Merck’s HCV protease inhibitor boceprevir can be used safely and effective in people living with hepatitis C virus (HCV) with advanced fibrosis or cirrhosis, according to an analysis of data from two Phase III clinical trials reported Saturday, April 2, at the 46th annual meeting of the European Association for the Study of the Liver (EASL) in Berlin. To maximize the chance of a sustained virologic response (SVR)—a viral cure—it may be necessary to complete a full 48-week course of treatment, rather than stopping early based on encouraging early results.

Boceprevir, which is currently being reviewed for approval by the U.S. Food and Drug Administration, has been shown to increase SVR rates against difficult-to-treat genotype 1 HCV infection when used in combination with standard pegylated interferon/ribavirin (IFN/RBV). This was documented in the SPRINT-2 study involving people living with HCV starting therapy for the first time, as well as in RESPOND-2, which enrolled patients who didn’t respond or relapsed during previous treatment with IFN/RBV. 

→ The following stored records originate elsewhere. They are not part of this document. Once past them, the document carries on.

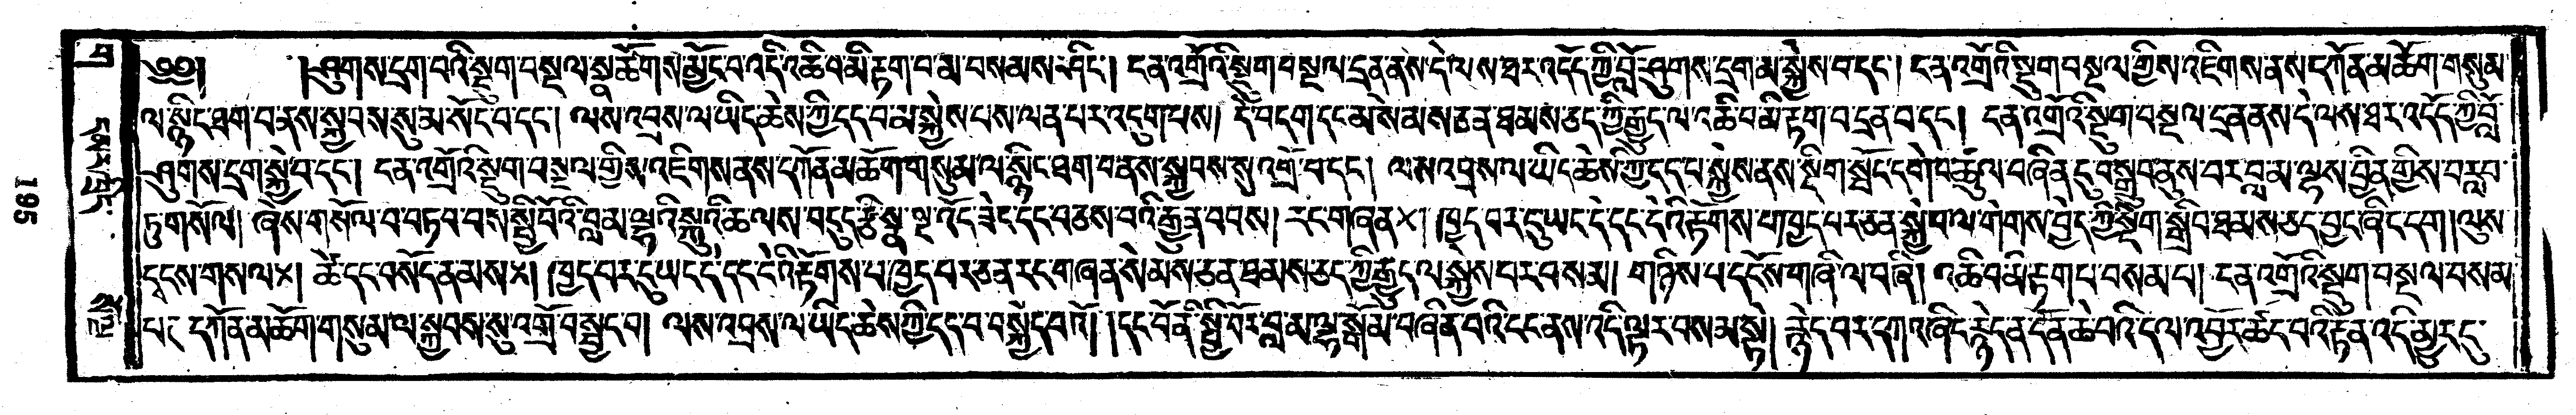༄༅། །ཤུགས་དྲག་པའི་སྡུག་བསྔལ་སྣ་ཚོགས་མྱོང་བ་འདི་འཆི་བ་མི་རྟག་བ་མ་བསམས་ཤིང་། ངན་འགྲོའི་སྡུག་བསྔལ་དྲན་ནས་དེ་ལས་ཐར་འདོད་ཀྱི་བློ་ཤུགས་དྲག་མ་སྐྱེས་བ་དང་ངན་འགྲོའི་སྡུག་བསྔལ་གྱིས་འཇིགས་ནས་དཀོན་མཆོག་གསུམ་
ལ་སྙིང་ཐག་བ་ནས་སྐྱབས་སུ་མ་སོང་བ་དང་། ལས་འབྲས་ལ་ཡིད་ཆེས་ཀྱི་དད་བ་མ་སྐྱེས་པས་ལན་པར་འདུག་པས། དེ་བདག་དང་མ་སེམས་ཅན་ཐམས་ཅད་ཀྱི་རྒྱུད་ལ་འཆི་བ་མི་རྟག་བ་དྲན་བ་དང་། ངན་འགྲོའི་སྡུག་བསྔལ་དྲན་ནས་དེ་ལས་ཐར་འདོད་ཀྱི་བློ་
ཤུགས་དྲག་སྐྱེ་བ་དང་། ངན་འགྲོའི་སྡུག་བསྔལ་གྱིས་འཇིགས་ནས་དཀོན་མཆོག་གསུམ་ལ་སྙིང་ཐག་བ་ནས་སྐྱབས་སུ་འགྲོ་བ་དང་། ལས་འབྲས་ལ་ཡིད་ཆེས་ཀྱི་དད་པ་སྐྱེས་ནས་སྡིག་སྤོང་དགེ་བ་ཚུལ་བཞིན་དུ་བསྒྲུབ་ནུས་བར་བླ་མ་ལྷས་བྱིན་གྱིས་བརླབ་
ཏུ་གསོལ། ཞེས་གསོལ་བ་བཏབ་བས་སྦྱི་བོའི་བླ་མ་ལྷའི་སྐུའི་ཆ་ལས་བདུད་རྩི་སྣ་ལྔ་འོད་ཟེར་དང་བཅས་བའི་རྒྱུན་བབས། རང་གཞན་྾། ཁྱད་པར་དུ་ཡང་དེ་དང་དེའི་རྟོགས་པ་ཁྱད་པར་ཅན་སྐྱེ་བ་ལ་གེགས་བྱེད་ཀྱི་སྡིག་སྒྲིབ་ཐམས་ཅད་བྱང་ཞིང་དག །ལུས་
དྭངས་གསལ་྾། ཚེ་དང་བསོད་ནམས་྾། ཁྱད་པར་དུ་ཡང་དེ་དང་ངེའི་རྟོགས་པ་ཁྱད་པར་ཅན་རང་ཞན་སེམས་ཅན་ཐམས་ཅད་ཀྱི་རྒྱུད་ལ་སྐྱེས་པར་བསམ། གཉིས་པ་དངོས་གཞི་ལ་བཞི། འཆི་བ་མི་རྟག་པ་བསམ་པ། ངན་འགྲོའི་སྡུག་བསྔལ་བསམ་
པ༑ དཀོན་མཆོག་གསུམ་ལ་སྐྱབས་སུ་འགྲོ་བ་སྦྱང་བ། ལས་འབྲས་ལ་ཡིད་ཆེས་ཀྱི་དད་བ་བསྐྱེད་བའོ། །དང་བོ་ནི་སྦྱི་བོར་བླ་མ་ལྷ་སྒོམ་བཞིན་བའི་ངང་ནས་འདི་ལྟར་བསམ་སྟེ། རྙེད་བར་དཀའ་ཞིང་རྙེད་ན་དོན་ཆེའི་དལ་འབྱོར་ཚད་བའི་རྟན་འདི་མྱུར་དུ་

At EASL, the SPRINT-2 and RESOND-2 researchers led by Savino Bruno, MD, of the Department of Internal Medicine at A.O. Fatebenefratelli e Oftalmico in Milan and his colleagues provided a closer look at boceprevir’s efficacy in a subset of patients included in both studies: those with advanced fibrosis or cirrhosis—a liver biopsy Metavir score of F3 or F4—who tend to be less likely to experience SVRs and more likely to experience debilitating side effects than those with less severe fibrosis.  

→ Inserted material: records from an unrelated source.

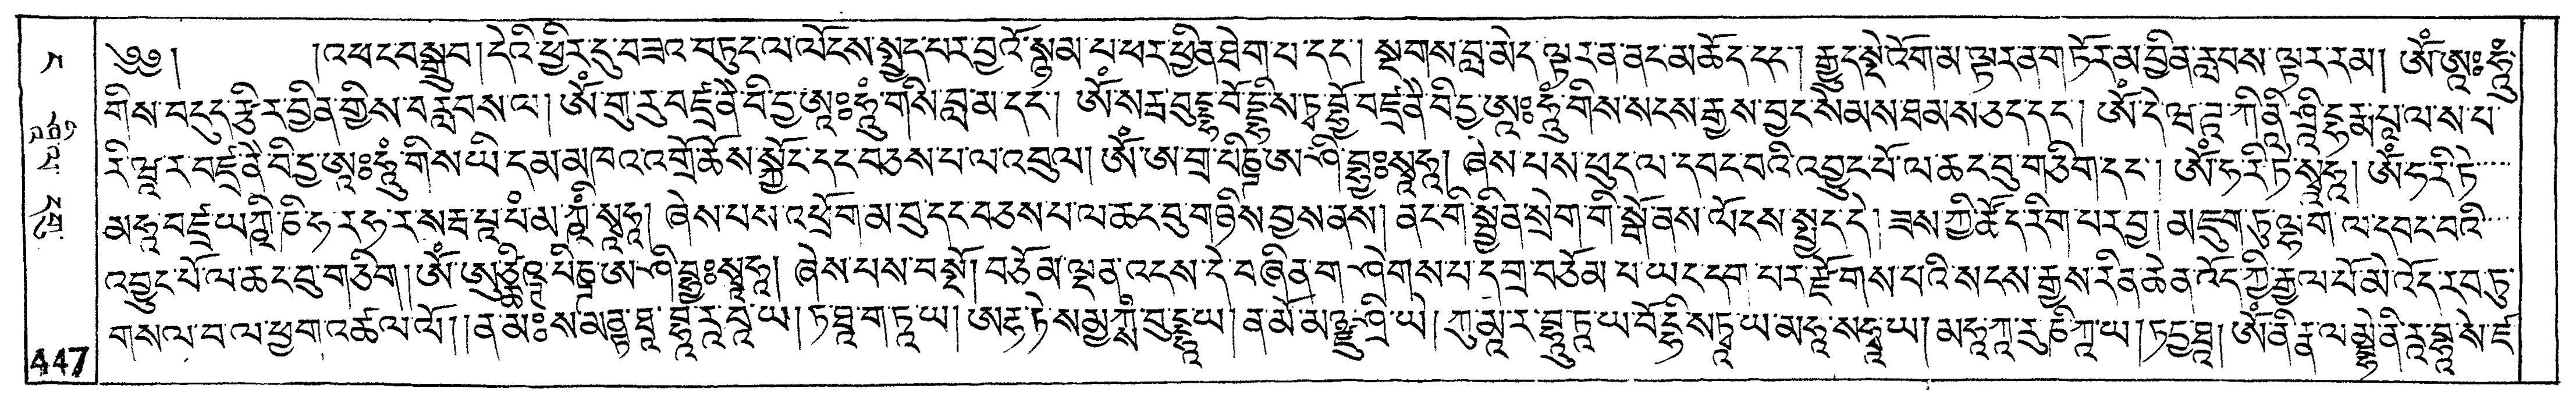༄༅། །འཕང་བསྒྲུབ། དེའི་ཕྱིར་དུ་བཟའ་བཏུང་ལ་ལོངས་སྤྱད་པར་བྱའོ་སྙམ་པ་ཕར་ཕྱིན་ཐེག་པ་དང་། སྔགས་བླ་མེད་ལྟར་ན་ནང་མཆོད་དང་། རྒྱུད་སྡེ་འོག་མ་ལྟར་ན་གཏོར་མ་བྱིན་རླབས་ལྟར་རམ། ཨོཾ་ཨཱཿ ཧཱུཾ་
གིས་བདུད་རྩིར་བྱིན་གྱིས་བརླབས་ལ། ཨོཾ་གུ་རུ་བཛྲ་ནཻ་བི་དྱ་ཨཱཿ ཧཱུཾ་གིས་བླ་མ་དང་། ཨོཾ་སརྦ་བུདྡྷ་བོ་དྡྷི་ས་ཏྭ་བྷྱོ་བཛྲ་ནཻ་བི་དྱ་ཨཱཿ ཧཱུཾ་གིས་སངས་རྒྱས་བྱང་སེམས་ཐམས་ཅད་དང་། ཨོཾ་དེ་ཝ་ཌཱ་ཀི་ནཱི་ཤྲཱི་དྷ་རྨ་པཱ་ལ་ས་པ་
རི་ཝཱ་ར་བཛྲ་ནཻ་བི་དྱ་ཨཱཿ ཧཱུཾ་གིས་ཡི་དམ་མཁའ་འགྲོ་ཆོས་སྐྱོང་དང་བཅས་པ་ལ་འབུལ། ཨོཾ་ཨ་གྲ་པིཎྜ་ཨ་ཤི་བྷྱཿ སྭཱཧཱ། ཞེས་པས་ཕུད་ལ་དབང་བའི་འབྱུང་པོ་ལ་ཆང་བུ་གཅིག་དང་། ཨོཾ་ཧ་རི་ཏེ་སྭཱཧཱ། ཨོཾ་ཧ་རི་ཏེ་
མཧཱ་བཛྲ་ཡཀྵི་ཎི་ཧ་ར་ཧ་ར་སརྦ་པཱ་པཾ་མ་ཀྵིཾ་སྭཱཧཱ། ཞེས་པས་འཕྲོག་མ་བུ་དང་བཅས་པ་ལ་ཆང་བུ་གཉིས་བྱས་ནས། ནང་གི་སྦྱིན་སྲེག་གི་སྒོ་ནས་ལོངས་སྤྱད་དེ། ཟས་ཀྱི་ཚོད་རིག་པར་བྱ། མཇུག་ཏུ་ལྷག་ལ་དབང་བའི་
འབྱུང་པོ་ལ་ཆང་བུ་གཅིག །ཨོཾ་ཨུ་ཙྪིཥྚ་པིཎྜ་ཨ་ཤི་བྷྱཿ སྭཱཧཱ། ཞེས་པས་བསྔོ། བཅོམ་ལྡན་འདས་དེ་བཞིན་གཤེགས་པ་དགྲ་བཅོམ་པ་ཡང་དག་པར་རྫོགས་པའི་སངས་རྒྱས་རིན་ཆེན་འོད་ཀྱི་རྒྱལ་པོ་མེ་འོད་རབ་ཏུ་
གསལ་བ་ལ་ཕྱག་འཚལ་ལོ། །ན་མཿ ས་མནྟ་ཐཱ་བྷཱ་རཱ་བཱ་ཡ། ཏ་ཐཱ་ག་ཏཱ་ཡ། ཨརྷ་ཏེ་སམྱཀྶཾ་བུ་དྡྷཱ་ཡ། ན་མོ་མཉྫུ་ཤྲི་ཡེ། ཀུ་མཱ་ར་བྷཱུ་ཏཱ་ཡ་བོ་དྷི་སཏྭཱ་ཡ་མཧཱ་སཧྭཱ་ཡ། མཧཱ་ཀཱ་རུ་ཎི་ཀཱ་ཡ། ཏ་དྱ་ཐཱ། ཨོཾ་ནི་རྣ་ལ་མྦྷེ་ནི་རཱ་བྷཱ་སེ་ཛ་

Both studies were similar in their design, with each trial comparing three treatment groups. All patients received four weeks of lead-in treatment of IFN/RBV alone. From there, one group in each study added boceprevir for a total of 24 weeks—those with undetectable viral loads through week 24 stopped treatment, whereas those with detectable virus continued IFN/RBV alone for the remainder of the 48-week studies (response-guided therapy). A second group in each study took boceprevir plus IFN/RBV for a total of 44 weeks. A third group in both studies took IFN/RBV, without boceprevir, for all 48 weeks of the trials.

In SPRINT-2, 100 of the 1,100 patients enrolled had Metavir scores of F3 or F4. In RESPOND-2, a total of 78 of 400 patients enrolled had advanced fibrosis/cirrhosis. 

Boceprevir plus IFN/RBV was more effective than IFN/RBV alone in patients with advanced fibrosis or cirrhosis upon entering the studies. Compared with those who received IFN/RBV alone for the duration of the study, study volunteers with F3–F4 scores were more likely to have an SVR if they used boceprevir as part of their treatment combination. Among F3–F4 patients in SPRINT-2, 41 percent of patients who underwent response-guided therapy and 52 percent of patients who took boceprevir plus IFN/RBV for 44 weeks had an SVR, compared with 38 percent who took IFN/RBV alone for 48 weeks. In RESPOND-2, SVR rates were 44, 68 and 13 percent, respectively. 

The researchers noted, however, that patients with F3–F4 liver disease receiving boceprevir were less likely to experience an SVR, compared with their peers entering the studies with less pronounced fibrosis. Among first-time treatment takers for example, 67 percent of patients with a Metavir score of F0–F2 treated with either response-guided boceprevir or a full course of all three drugs experienced SVRs, compared with 41 to 52 percent of those with F3–F4 fibrosis/cirrhosis. 

Encouragingly, the safety profile of boceprevir combined with IFN/RBV was relatively similar in both F0–F2 and F3–F4 groups. Serious adverse events were documented in 11 percent of those with F0–F2 fibrosis, compared with 14 percent of those with advanced fibrosis/cirrhosis. The rates of side effects leading to treatment discontinuation were 13 percent and 12 percent, respectively. The rates of side effects leading to dose modifications were slightly higher in the F3–F4 group: 41 percent versus 35 percent. 

In conclusion, Bruno stressed that boceprevir plus IFN/RBV is both safe and effective in patients with a variety of treatment histories and advanced fibrosis or cirrhosis. However, he added, viral cure rates are lower compared with those with less advanced disease, and it may be necessary to further explore the optimal length of treatment when using boceprevir to treated patients with F3 or F4 fibrosis.